How do we establish new gospel-centered traditions?  

I’m certainly not the expert, but here are a few thoughts:

  1. Go slow. Guaranteed, if you all of a sudden declare that there will be no more gift-giving or holiday shopping ever happening again, you will have World War III in your home. No bueno. Consider making small steps over the next five years. You’ll have much better results. (That same can be said with establishing new eating habits, as my mom learned!)
  2. Make it fun. Over the past few years, my family has done more and more giving through Gospel for Asia. We buy pigs, goats, rabbits, Bibles, clean water. But we keep it fun. One year I gave my brother a rubber chicken and a stuffed bunny rabbit from the dollar store (symbolizing the gift we’d given in his name). Another year I gave hard-boiled eggs to everyone (again, chickens). Last year my brother gave Jeff an old Bible (sent Bibles to unreached people) and gave me a bottle of water (he drilled a well in my name).  There’s all sorts of creative ways to celebrate and keep it fun without heaping up more and more junk that we really don’t need. Get creative!
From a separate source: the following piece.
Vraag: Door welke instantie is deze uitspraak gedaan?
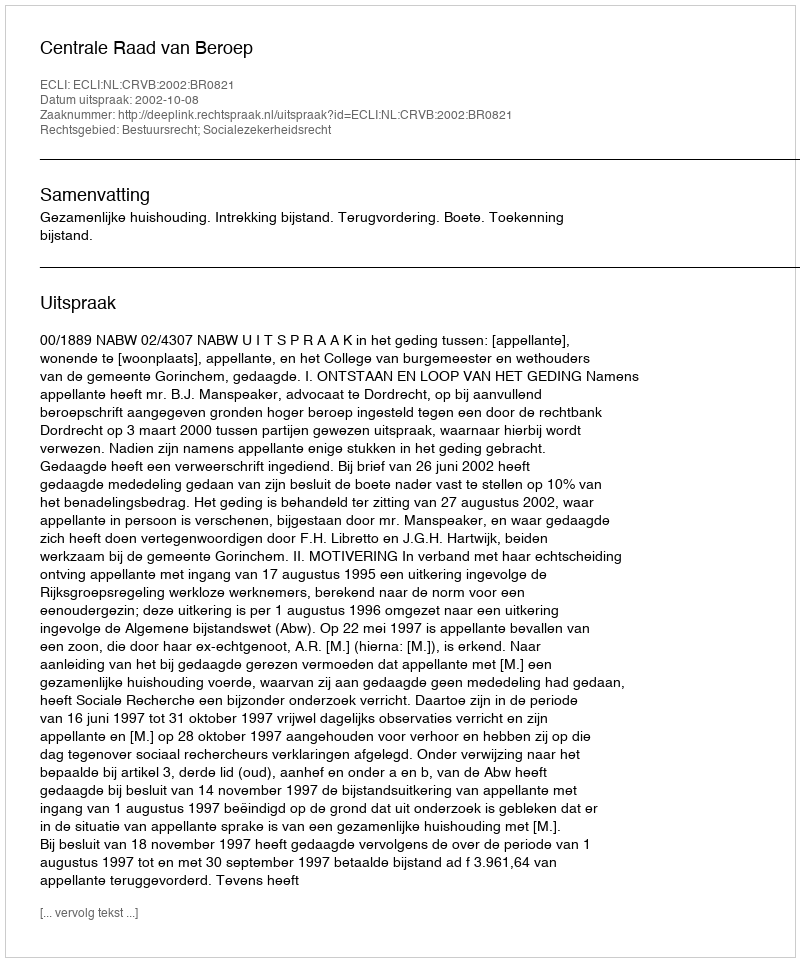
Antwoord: Centrale Raad van Beroep

  3. Let others be free. Personally, I feel that I am only responsible for the people under my roof. I’m not going to tell my parents, Jeff’s parents, or our aunts and uncles what they can and cannot do with their money. Plus, for heavens sake let grandparents be grandparents.Wild horses couldn’t keep Jeff’s and my parents from spoiling their grandkids. So we let them. We personally do not buy our children gifts. We do for their birthdays but not for Christmas. However, it’s wonderful that their grandparents do!  We’re free and so are they. (And I appreciate their amazing generosity!)
  4. Never say, “We can’t afford.” Sometimes it’s easy to pull a cop-out and tell people or our children that we can’t afford certain things. But this communicates that we’re victims, which just isn’t true. Some people in our world are victims of absolute poverty. We are not.By saying, “We choose  not to buy those gifts this year so that we can bless some people in need,” we communicate an important truth. We believe that poverty-stricken people matter. We are choosing them.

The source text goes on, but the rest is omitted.